**Data records:**

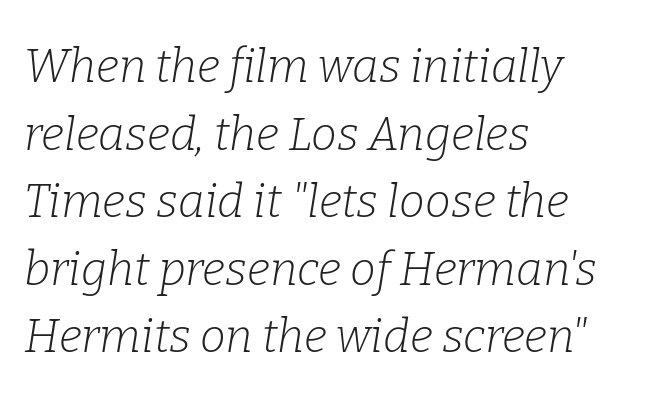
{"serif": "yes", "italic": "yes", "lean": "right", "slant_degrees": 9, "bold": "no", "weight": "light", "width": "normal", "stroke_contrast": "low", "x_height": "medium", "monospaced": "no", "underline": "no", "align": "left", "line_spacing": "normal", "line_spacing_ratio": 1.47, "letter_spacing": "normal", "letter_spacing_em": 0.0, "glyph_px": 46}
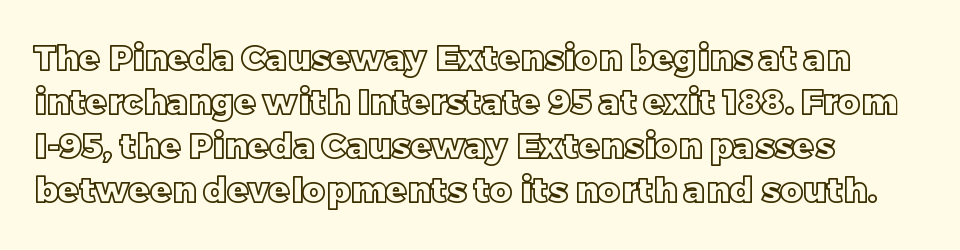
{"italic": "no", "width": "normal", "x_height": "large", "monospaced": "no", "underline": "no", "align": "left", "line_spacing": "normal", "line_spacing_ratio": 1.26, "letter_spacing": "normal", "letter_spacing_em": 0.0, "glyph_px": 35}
* * *
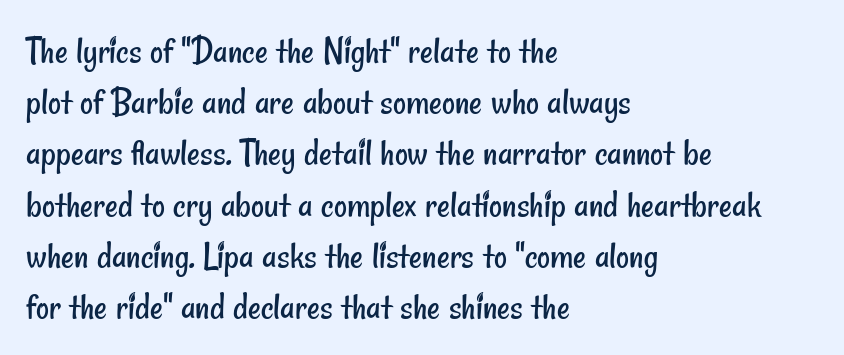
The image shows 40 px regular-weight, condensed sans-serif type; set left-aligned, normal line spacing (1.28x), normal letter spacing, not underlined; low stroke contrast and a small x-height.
--
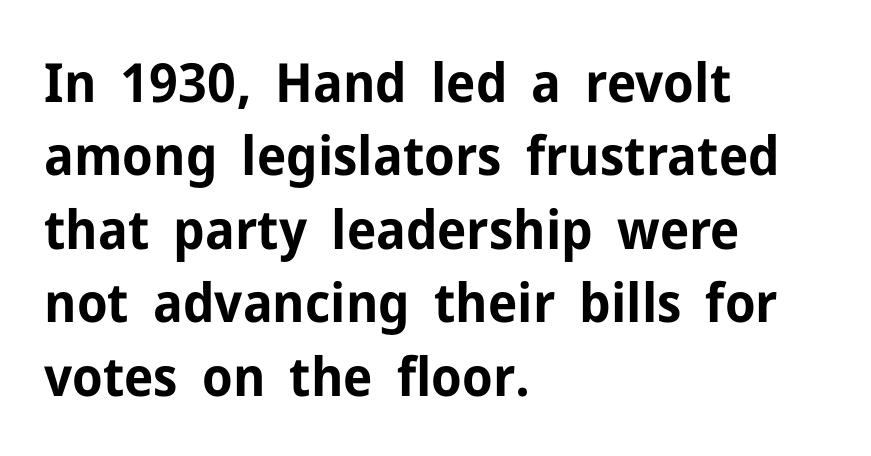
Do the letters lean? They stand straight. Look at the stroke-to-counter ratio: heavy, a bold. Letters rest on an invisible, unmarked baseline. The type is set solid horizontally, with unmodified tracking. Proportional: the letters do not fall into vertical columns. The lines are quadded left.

**What is required:** Whenever a line in the material contains the word "lean", copy that line.

**Written answer:**
{"serif": "yes", "italic": "yes", "lean": "right", "slant_degrees": 9, "bold": "no", "weight": "light", "width": "normal", "stroke_contrast": "low", "x_height": "medium", "monospaced": "no", "underline": "no", "align": "left", "line_spacing": "normal", "line_spacing_ratio": 1.47, "letter_spacing": "normal", "letter_spacing_em": 0.0, "glyph_px": 46}
Do the letters lean? They stand straight. Look at the stroke-to-counter ratio: heavy, a bold. Letters rest on an invisible, unmarked baseline. The type is set solid horizontally, with unmodified tracking. Proportional: the letters do not fall into vertical columns. The lines are quadded left.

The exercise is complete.